Monday, October 17, 2005

Vectored Artwork

For the purpose of imprinting your logo or artwork on a promotional product, you will need a computer graphic file with a vector image. Most of the vector files will be CDR (CorelDraw) or AI (Adobe Illustrator) or FH8 (Macromedia FreeHand) or can also be an EPS (Encapsulated PostScript) file. However, a raster image (bitmap) can also be saved as an EPS and cannot be used (see why below). JPEG and GIF images are also bitmap and we cannot use them.

If your logo or artwork is not a vector image, it must be recreated as a vector image by an artist.

VECTOR vs RASTER GRAPHICS
There are two kinds of computer graphics - raster (composed of pixels) and vector (composed of paths). Raster images are more commonly called bitmap images. A bitmap image uses a grid of individual pixels where each pixel can be a different color or shade. Bitmaps are composed of pixels. Vector graphics use mathematical relationships between points and the paths connecting them to describe an image. Vector graphics are composed of paths.
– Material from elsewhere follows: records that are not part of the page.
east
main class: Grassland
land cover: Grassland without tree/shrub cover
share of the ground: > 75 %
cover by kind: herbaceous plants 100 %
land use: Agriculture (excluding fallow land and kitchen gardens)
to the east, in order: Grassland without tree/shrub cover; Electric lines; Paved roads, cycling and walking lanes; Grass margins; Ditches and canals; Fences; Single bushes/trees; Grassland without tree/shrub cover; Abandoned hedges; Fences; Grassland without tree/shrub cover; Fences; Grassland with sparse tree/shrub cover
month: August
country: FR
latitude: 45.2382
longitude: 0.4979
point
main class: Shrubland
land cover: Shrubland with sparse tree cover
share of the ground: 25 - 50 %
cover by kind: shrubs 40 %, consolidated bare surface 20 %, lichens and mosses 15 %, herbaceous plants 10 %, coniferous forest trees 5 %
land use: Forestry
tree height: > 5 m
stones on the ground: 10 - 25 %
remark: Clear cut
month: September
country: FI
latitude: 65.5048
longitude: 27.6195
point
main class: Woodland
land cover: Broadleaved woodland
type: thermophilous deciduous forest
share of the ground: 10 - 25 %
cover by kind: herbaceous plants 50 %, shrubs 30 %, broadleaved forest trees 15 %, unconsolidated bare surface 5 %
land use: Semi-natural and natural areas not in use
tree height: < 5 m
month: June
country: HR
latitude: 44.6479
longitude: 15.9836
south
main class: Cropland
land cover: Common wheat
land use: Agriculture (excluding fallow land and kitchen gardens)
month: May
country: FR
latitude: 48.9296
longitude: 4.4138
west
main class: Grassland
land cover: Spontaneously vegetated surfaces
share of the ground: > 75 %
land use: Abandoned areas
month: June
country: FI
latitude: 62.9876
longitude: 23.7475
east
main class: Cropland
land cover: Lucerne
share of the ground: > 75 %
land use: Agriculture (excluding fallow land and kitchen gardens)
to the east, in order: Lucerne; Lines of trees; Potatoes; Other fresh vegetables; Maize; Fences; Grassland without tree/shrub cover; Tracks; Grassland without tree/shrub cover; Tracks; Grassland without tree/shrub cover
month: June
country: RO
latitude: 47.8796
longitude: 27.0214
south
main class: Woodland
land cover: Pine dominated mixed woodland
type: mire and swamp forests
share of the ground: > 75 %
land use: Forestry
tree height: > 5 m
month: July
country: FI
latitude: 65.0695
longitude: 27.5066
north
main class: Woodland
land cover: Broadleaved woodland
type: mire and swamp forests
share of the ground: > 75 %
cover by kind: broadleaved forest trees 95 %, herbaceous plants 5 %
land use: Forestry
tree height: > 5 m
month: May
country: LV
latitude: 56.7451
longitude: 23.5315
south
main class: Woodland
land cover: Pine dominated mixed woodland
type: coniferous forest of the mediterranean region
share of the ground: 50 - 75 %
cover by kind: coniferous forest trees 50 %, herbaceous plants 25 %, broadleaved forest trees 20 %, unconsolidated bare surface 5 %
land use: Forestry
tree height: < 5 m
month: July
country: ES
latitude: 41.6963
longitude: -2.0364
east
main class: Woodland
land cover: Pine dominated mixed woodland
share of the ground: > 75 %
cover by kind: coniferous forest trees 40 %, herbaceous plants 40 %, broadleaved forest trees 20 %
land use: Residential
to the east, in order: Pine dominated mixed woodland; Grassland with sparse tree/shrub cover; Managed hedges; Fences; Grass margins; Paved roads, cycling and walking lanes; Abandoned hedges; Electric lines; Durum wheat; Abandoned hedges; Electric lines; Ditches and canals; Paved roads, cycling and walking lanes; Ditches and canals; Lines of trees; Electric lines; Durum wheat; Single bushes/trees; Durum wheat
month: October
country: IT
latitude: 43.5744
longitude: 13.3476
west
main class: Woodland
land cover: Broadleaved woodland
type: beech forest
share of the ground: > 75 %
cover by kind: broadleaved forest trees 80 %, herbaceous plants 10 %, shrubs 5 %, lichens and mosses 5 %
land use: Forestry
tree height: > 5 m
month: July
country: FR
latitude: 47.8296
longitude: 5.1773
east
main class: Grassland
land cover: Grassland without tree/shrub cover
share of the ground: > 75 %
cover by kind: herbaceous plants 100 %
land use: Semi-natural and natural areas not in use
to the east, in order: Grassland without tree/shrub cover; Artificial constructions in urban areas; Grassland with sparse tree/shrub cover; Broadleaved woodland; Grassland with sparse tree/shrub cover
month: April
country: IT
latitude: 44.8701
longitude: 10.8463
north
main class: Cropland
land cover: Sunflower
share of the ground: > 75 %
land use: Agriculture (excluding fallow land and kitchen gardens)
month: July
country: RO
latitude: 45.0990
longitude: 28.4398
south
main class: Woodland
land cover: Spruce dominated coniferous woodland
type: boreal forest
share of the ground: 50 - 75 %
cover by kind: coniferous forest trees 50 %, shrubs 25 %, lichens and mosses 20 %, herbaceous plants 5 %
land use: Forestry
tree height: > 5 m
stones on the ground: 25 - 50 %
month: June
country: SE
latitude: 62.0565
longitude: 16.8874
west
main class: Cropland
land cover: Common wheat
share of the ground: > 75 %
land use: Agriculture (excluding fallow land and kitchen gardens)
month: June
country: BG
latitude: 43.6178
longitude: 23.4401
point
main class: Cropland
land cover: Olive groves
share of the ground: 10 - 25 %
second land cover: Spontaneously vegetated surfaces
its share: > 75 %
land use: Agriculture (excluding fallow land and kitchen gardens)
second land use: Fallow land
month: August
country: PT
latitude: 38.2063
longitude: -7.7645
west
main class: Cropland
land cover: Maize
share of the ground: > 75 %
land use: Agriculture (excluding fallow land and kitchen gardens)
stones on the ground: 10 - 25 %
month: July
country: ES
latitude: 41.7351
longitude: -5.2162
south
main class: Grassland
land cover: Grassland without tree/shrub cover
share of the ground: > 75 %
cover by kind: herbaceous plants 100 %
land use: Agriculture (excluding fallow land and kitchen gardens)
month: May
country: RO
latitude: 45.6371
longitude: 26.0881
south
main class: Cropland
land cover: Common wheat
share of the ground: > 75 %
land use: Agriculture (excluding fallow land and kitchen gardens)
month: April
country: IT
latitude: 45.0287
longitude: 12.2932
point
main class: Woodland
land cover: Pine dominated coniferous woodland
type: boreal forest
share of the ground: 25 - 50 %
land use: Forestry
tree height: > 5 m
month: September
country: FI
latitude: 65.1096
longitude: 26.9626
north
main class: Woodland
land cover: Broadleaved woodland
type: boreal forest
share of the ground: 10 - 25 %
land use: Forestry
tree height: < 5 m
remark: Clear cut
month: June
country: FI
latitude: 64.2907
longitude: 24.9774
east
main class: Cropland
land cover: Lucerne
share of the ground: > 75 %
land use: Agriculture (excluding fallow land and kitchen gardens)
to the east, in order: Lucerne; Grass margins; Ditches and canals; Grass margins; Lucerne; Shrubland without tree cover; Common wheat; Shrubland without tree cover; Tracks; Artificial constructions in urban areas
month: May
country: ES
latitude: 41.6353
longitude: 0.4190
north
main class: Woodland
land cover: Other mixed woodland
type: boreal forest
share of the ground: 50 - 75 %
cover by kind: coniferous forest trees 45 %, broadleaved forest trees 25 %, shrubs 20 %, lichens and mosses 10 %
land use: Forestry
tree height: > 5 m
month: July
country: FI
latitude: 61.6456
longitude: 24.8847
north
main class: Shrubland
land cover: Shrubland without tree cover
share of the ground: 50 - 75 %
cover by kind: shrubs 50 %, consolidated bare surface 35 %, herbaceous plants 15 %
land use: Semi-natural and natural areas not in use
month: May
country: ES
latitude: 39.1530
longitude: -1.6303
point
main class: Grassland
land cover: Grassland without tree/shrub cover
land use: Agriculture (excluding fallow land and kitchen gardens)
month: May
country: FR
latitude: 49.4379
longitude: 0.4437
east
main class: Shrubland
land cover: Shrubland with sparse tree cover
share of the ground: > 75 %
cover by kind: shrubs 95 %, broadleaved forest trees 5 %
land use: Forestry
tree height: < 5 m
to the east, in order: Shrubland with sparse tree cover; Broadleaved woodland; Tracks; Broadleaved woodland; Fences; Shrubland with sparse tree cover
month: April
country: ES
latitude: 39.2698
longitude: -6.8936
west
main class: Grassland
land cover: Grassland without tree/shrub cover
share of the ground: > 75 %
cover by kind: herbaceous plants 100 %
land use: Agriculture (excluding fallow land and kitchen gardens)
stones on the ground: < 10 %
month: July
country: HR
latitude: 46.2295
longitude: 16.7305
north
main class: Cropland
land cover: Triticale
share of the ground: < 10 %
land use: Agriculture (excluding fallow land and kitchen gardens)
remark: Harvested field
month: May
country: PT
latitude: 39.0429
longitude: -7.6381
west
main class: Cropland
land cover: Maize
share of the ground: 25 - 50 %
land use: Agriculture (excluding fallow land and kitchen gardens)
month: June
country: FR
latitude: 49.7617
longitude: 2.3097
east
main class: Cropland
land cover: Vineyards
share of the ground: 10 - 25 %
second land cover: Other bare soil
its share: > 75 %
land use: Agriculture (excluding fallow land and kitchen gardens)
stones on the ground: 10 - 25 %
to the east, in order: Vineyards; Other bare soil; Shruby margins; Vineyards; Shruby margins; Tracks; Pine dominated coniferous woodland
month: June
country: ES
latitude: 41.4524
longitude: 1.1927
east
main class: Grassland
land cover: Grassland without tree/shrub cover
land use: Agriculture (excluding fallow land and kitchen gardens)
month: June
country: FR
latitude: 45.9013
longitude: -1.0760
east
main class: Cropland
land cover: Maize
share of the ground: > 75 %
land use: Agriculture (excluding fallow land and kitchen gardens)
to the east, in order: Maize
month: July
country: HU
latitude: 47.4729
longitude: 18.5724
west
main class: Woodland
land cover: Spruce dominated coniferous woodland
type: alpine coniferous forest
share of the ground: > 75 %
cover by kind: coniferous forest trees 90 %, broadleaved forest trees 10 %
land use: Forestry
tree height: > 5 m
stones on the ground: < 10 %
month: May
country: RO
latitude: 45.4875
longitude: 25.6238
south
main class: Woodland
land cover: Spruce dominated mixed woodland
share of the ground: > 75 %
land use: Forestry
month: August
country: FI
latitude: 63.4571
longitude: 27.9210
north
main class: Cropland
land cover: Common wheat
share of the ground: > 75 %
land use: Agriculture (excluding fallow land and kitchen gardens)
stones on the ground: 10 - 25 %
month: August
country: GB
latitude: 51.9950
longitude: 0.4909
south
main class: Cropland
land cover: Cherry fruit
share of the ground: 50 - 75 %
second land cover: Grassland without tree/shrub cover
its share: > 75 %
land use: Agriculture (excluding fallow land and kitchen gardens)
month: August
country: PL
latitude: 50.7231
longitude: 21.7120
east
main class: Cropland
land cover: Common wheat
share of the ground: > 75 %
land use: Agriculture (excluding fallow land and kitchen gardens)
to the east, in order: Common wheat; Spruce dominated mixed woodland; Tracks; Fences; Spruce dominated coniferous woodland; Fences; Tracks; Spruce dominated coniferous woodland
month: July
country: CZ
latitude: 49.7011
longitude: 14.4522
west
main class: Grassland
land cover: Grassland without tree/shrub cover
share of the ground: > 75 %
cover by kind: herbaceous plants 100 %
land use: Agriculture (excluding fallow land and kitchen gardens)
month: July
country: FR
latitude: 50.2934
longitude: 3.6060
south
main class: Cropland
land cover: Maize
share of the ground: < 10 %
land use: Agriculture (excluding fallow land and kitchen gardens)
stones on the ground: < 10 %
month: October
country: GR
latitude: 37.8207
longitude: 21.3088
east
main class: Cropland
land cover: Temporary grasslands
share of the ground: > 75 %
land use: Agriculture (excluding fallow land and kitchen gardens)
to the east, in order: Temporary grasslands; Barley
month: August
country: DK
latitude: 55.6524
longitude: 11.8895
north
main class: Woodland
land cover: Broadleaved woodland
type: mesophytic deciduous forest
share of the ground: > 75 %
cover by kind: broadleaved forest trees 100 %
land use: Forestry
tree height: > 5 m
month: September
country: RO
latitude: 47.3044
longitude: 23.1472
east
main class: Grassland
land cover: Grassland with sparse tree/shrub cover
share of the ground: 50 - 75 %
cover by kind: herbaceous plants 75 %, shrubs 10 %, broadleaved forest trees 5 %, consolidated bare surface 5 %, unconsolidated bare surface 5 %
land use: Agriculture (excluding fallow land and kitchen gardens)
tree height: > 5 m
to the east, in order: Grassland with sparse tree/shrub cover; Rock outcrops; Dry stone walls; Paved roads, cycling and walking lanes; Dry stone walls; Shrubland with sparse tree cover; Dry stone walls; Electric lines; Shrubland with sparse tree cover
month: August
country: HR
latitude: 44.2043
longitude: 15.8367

The larger you display a bitmap, the more jagged it appears, while a vector image remains smooth at any size. That is why PostScript and TrueType fonts always appear smooth - they are vector-based. The jagged appearance of bitmap images can be partially overcome with the use of "anti-aliasing". Anti-aliasing is the application of subtle transitions in the pixels along the edges of images to minimize the jagged effect. A scalable vector image will always appear smooth.

Bitmap images require higher resolutions and anti-aliasing for a smooth appearance. Vector-based graphics on the other hand are mathematically described and appear smooth at any size or resolution. Bitmaps are best used for photographs and images with subtle shading. Graphics best suited for the vector format are page layout, type, line art or illustrations.

Wherever possible use the vector format for all your type, line art and illustrations and only use bitmaps for photos or images with complex or non-uniform shading. If the graphics application recognizes native vector files such as those created by Adobe Illustrator (a filename with an extension of .AI), CorelDRAW (a filename with an extension of .CDR), or Macromedia FreeHand (a filename with an extension of .FH8 - for version 8), then use them first.

1 comment:

Mark Sicignano said...

Here is a tutorial for those that might be inclined to convert bitmaps to vector using Photoshop.

http://www.designsbymark.com/freetips/ps/movies/convtovector.mov

I believe that the designsbymark.com site may be shutting down, so I don't know how long that movie will be available.